▸ **Brief**: The answer must match the material word for word, with every line included.

▸ **Task data**:
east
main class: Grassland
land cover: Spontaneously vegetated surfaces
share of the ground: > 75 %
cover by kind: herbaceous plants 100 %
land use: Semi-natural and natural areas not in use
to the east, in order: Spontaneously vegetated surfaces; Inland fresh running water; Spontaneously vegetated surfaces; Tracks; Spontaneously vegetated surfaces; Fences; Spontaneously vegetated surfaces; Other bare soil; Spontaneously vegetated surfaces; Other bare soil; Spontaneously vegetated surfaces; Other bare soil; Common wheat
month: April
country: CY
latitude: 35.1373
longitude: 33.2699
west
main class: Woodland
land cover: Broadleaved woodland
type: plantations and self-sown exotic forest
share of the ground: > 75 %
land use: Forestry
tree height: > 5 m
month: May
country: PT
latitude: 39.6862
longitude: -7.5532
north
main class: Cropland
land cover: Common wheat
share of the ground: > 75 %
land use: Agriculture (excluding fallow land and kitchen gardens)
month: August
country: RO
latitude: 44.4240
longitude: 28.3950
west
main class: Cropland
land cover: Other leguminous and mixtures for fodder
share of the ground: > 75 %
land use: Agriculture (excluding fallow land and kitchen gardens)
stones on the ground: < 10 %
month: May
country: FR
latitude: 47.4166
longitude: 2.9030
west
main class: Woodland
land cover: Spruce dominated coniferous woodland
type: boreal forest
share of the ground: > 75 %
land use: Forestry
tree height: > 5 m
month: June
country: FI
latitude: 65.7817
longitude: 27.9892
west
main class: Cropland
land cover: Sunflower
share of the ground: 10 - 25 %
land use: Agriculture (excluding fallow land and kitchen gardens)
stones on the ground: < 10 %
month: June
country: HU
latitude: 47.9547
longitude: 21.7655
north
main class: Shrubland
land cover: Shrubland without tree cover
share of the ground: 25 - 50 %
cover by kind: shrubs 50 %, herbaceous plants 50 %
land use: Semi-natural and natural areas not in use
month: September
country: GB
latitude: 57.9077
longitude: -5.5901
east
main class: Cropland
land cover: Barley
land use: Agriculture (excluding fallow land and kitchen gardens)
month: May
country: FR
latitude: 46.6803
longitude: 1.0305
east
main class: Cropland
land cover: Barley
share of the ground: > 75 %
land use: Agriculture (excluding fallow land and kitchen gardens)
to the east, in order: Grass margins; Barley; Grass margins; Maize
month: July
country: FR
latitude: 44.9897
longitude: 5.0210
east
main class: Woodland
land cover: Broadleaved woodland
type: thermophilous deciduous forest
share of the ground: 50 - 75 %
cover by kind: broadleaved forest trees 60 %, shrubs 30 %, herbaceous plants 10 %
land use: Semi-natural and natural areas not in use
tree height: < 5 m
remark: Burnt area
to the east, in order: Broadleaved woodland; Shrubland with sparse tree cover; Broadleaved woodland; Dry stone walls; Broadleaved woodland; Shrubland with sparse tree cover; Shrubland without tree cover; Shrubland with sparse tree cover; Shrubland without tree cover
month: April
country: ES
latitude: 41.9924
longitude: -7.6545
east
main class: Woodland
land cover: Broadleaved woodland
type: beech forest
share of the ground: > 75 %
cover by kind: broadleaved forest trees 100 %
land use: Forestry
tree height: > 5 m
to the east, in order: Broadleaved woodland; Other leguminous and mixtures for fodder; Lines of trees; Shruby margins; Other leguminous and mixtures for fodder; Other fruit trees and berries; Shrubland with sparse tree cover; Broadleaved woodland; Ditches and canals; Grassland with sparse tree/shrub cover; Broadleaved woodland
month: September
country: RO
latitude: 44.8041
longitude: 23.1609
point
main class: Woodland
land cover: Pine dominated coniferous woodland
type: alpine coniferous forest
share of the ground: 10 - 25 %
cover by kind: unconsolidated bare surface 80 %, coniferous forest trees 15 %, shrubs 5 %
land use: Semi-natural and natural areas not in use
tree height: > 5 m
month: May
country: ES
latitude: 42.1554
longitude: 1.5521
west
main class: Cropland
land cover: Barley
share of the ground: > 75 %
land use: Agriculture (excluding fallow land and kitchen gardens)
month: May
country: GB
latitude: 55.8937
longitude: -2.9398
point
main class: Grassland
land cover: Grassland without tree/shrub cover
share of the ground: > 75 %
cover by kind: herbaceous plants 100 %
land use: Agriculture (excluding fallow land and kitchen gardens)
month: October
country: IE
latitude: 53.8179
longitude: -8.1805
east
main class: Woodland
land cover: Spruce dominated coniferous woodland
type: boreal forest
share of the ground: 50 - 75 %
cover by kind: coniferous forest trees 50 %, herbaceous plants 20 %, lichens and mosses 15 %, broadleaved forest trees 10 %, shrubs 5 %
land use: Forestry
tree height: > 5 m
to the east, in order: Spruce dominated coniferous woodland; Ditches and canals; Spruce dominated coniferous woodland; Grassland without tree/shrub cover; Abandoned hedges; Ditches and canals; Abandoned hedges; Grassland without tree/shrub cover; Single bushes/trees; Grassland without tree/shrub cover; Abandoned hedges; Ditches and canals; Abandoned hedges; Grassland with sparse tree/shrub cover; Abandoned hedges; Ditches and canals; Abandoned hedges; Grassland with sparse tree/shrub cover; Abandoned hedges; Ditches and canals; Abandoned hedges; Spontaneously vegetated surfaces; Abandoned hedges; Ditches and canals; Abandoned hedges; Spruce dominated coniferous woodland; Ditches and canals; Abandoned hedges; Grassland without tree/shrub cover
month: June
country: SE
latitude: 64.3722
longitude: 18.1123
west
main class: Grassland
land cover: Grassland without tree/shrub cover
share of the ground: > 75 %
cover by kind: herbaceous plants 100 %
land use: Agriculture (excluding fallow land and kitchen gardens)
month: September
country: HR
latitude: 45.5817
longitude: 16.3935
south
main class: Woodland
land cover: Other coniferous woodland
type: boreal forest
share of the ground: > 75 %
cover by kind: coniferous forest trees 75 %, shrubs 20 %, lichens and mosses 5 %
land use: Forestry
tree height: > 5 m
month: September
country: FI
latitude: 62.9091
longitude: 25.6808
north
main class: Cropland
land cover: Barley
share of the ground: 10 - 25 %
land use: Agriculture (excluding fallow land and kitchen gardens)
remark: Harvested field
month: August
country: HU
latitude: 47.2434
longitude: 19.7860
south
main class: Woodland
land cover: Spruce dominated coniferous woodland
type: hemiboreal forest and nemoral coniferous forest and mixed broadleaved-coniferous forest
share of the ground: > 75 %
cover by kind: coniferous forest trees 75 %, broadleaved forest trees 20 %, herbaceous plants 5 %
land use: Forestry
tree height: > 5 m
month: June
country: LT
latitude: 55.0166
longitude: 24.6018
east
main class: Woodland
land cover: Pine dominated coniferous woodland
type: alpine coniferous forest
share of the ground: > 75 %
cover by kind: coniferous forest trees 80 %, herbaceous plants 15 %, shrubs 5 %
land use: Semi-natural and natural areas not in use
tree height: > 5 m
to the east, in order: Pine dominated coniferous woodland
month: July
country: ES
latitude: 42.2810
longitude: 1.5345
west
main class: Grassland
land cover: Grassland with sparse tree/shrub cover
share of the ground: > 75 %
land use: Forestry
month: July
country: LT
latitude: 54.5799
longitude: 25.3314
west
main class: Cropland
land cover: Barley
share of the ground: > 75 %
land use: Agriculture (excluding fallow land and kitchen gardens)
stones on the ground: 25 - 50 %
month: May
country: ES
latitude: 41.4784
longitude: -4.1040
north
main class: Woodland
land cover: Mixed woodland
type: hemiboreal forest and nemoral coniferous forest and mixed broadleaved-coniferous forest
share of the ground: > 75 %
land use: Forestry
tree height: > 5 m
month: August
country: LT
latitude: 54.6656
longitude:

▸ **Written response**:
east
main class: Grassland
land cover: Spontaneously vegetated surfaces
share of the ground: > 75 %
cover by kind: herbaceous plants 100 %
land use: Semi-natural and natural areas not in use
to the east, in order: Spontaneously vegetated surfaces; Inland fresh running water; Spontaneously vegetated surfaces; Tracks; Spontaneously vegetated surfaces; Fences; Spontaneously vegetated surfaces; Other bare soil; Spontaneously vegetated surfaces; Other bare soil; Spontaneously vegetated surfaces; Other bare soil; Common wheat
month: April
country: CY
latitude: 35.1373
longitude: 33.2699
west
main class: Woodland
land cover: Broadleaved woodland
type: plantations and self-sown exotic forest
share of the ground: > 75 %
land use: Forestry
tree height: > 5 m
month: May
country: PT
latitude: 39.6862
longitude: -7.5532
north
main class: Cropland
land cover: Common wheat
share of the ground: > 75 %
land use: Agriculture (excluding fallow land and kitchen gardens)
month: August
country: RO
latitude: 44.4240
longitude: 28.3950
west
main class: Cropland
land cover: Other leguminous and mixtures for fodder
share of the ground: > 75 %
land use: Agriculture (excluding fallow land and kitchen gardens)
stones on the ground: < 10 %
month: May
country: FR
latitude: 47.4166
longitude: 2.9030
west
main class: Woodland
land cover: Spruce dominated coniferous woodland
type: boreal forest
share of the ground: > 75 %
land use: Forestry
tree height: > 5 m
month: June
country: FI
latitude: 65.7817
longitude: 27.9892
west
main class: Cropland
land cover: Sunflower
share of the ground: 10 - 25 %
land use: Agriculture (excluding fallow land and kitchen gardens)
stones on the ground: < 10 %
month: June
country: HU
latitude: 47.9547
longitude: 21.7655
north
main class: Shrubland
land cover: Shrubland without tree cover
share of the ground: 25 - 50 %
cover by kind: shrubs 50 %, herbaceous plants 50 %
land use: Semi-natural and natural areas not in use
month: September
country: GB
latitude: 57.9077
longitude: -5.5901
east
main class: Cropland
land cover: Barley
land use: Agriculture (excluding fallow land and kitchen gardens)
month: May
country: FR
latitude: 46.6803
longitude: 1.0305
east
main class: Cropland
land cover: Barley
share of the ground: > 75 %
land use: Agriculture (excluding fallow land and kitchen gardens)
to the east, in order: Grass margins; Barley; Grass margins; Maize
month: July
country: FR
latitude: 44.9897
longitude: 5.0210
east
main class: Woodland
land cover: Broadleaved woodland
type: thermophilous deciduous forest
share of the ground: 50 - 75 %
cover by kind: broadleaved forest trees 60 %, shrubs 30 %, herbaceous plants 10 %
land use: Semi-natural and natural areas not in use
tree height: < 5 m
remark: Burnt area
to the east, in order: Broadleaved woodland; Shrubland with sparse tree cover; Broadleaved woodland; Dry stone walls; Broadleaved woodland; Shrubland with sparse tree cover; Shrubland without tree cover; Shrubland with sparse tree cover; Shrubland without tree cover
month: April
country: ES
latitude: 41.9924
longitude: -7.6545
east
main class: Woodland
land cover: Broadleaved woodland
type: beech forest
share of the ground: > 75 %
cover by kind: broadleaved forest trees 100 %
land use: Forestry
tree height: > 5 m
to the east, in order: Broadleaved woodland; Other leguminous and mixtures for fodder; Lines of trees; Shruby margins; Other leguminous and mixtures for fodder; Other fruit trees and berries; Shrubland with sparse tree cover; Broadleaved woodland; Ditches and canals; Grassland with sparse tree/shrub cover; Broadleaved woodland
month: September
country: RO
latitude: 44.8041
longitude: 23.1609
point
main class: Woodland
land cover: Pine dominated coniferous woodland
type: alpine coniferous forest
share of the ground: 10 - 25 %
cover by kind: unconsolidated bare surface 80 %, coniferous forest trees 15 %, shrubs 5 %
land use: Semi-natural and natural areas not in use
tree height: > 5 m
month: May
country: ES
latitude: 42.1554
longitude: 1.5521
west
main class: Cropland
land cover: Barley
share of the ground: > 75 %
land use: Agriculture (excluding fallow land and kitchen gardens)
month: May
country: GB
latitude: 55.8937
longitude: -2.9398
point
main class: Grassland
land cover: Grassland without tree/shrub cover
share of the ground: > 75 %
cover by kind: herbaceous plants 100 %
land use: Agriculture (excluding fallow land and kitchen gardens)
month: October
country: IE
latitude: 53.8179
longitude: -8.1805
east
main class: Woodland
land cover: Spruce dominated coniferous woodland
type: boreal forest
share of the ground: 50 - 75 %
cover by kind: coniferous forest trees 50 %, herbaceous plants 20 %, lichens and mosses 15 %, broadleaved forest trees 10 %, shrubs 5 %
land use: Forestry
tree height: > 5 m
to the east, in order: Spruce dominated coniferous woodland; Ditches and canals; Spruce dominated coniferous woodland; Grassland without tree/shrub cover; Abandoned hedges; Ditches and canals; Abandoned hedges; Grassland without tree/shrub cover; Single bushes/trees; Grassland without tree/shrub cover; Abandoned hedges; Ditches and canals; Abandoned hedges; Grassland with sparse tree/shrub cover; Abandoned hedges; Ditches and canals; Abandoned hedges; Grassland with sparse tree/shrub cover; Abandoned hedges; Ditches and canals; Abandoned hedges; Spontaneously vegetated surfaces; Abandoned hedges; Ditches and canals; Abandoned hedges; Spruce dominated coniferous woodland; Ditches and canals; Abandoned hedges; Grassland without tree/shrub cover
month: June
country: SE
latitude: 64.3722
longitude: 18.1123
west
main class: Grassland
land cover: Grassland without tree/shrub cover
share of the ground: > 75 %
cover by kind: herbaceous plants 100 %
land use: Agriculture (excluding fallow land and kitchen gardens)
month: September
country: HR
latitude: 45.5817
longitude: 16.3935
south
main class: Woodland
land cover: Other coniferous woodland
type: boreal forest
share of the ground: > 75 %
cover by kind: coniferous forest trees 75 %, shrubs 20 %, lichens and mosses 5 %
land use: Forestry
tree height: > 5 m
month: September
country: FI
latitude: 62.9091
longitude: 25.6808
north
main class: Cropland
land cover: Barley
share of the ground: 10 - 25 %
land use: Agriculture (excluding fallow land and kitchen gardens)
remark: Harvested field
month: August
country: HU
latitude: 47.2434
longitude: 19.7860
south
main class: Woodland
land cover: Spruce dominated coniferous woodland
type: hemiboreal forest and nemoral coniferous forest and mixed broadleaved-coniferous forest
share of the ground: > 75 %
cover by kind: coniferous forest trees 75 %, broadleaved forest trees 20 %, herbaceous plants 5 %
land use: Forestry
tree height: > 5 m
month: June
country: LT
latitude: 55.0166
longitude: 24.6018
east
main class: Woodland
land cover: Pine dominated coniferous woodland
type: alpine coniferous forest
share of the ground: > 75 %
cover by kind: coniferous forest trees 80 %, herbaceous plants 15 %, shrubs 5 %
land use: Semi-natural and natural areas not in use
tree height: > 5 m
to the east, in order: Pine dominated coniferous woodland
month: July
country: ES
latitude: 42.2810
longitude: 1.5345
west
main class: Grassland
land cover: Grassland with sparse tree/shrub cover
share of the ground: > 75 %
land use: Forestry
month: July
country: LT
latitude: 54.5799
longitude: 25.3314
west
main class: Cropland
land cover: Barley
share of the ground: > 75 %
land use: Agriculture (excluding fallow land and kitchen gardens)
stones on the ground: 25 - 50 %
month: May
country: ES
latitude: 41.4784
longitude: -4.1040
north
main class: Woodland
land cover: Mixed woodland
type: hemiboreal forest and nemoral coniferous forest and mixed broadleaved-coniferous forest
share of the ground: > 75 %
land use: Forestry
tree height: > 5 m
month: August
country: LT
latitude: 54.6656
longitude:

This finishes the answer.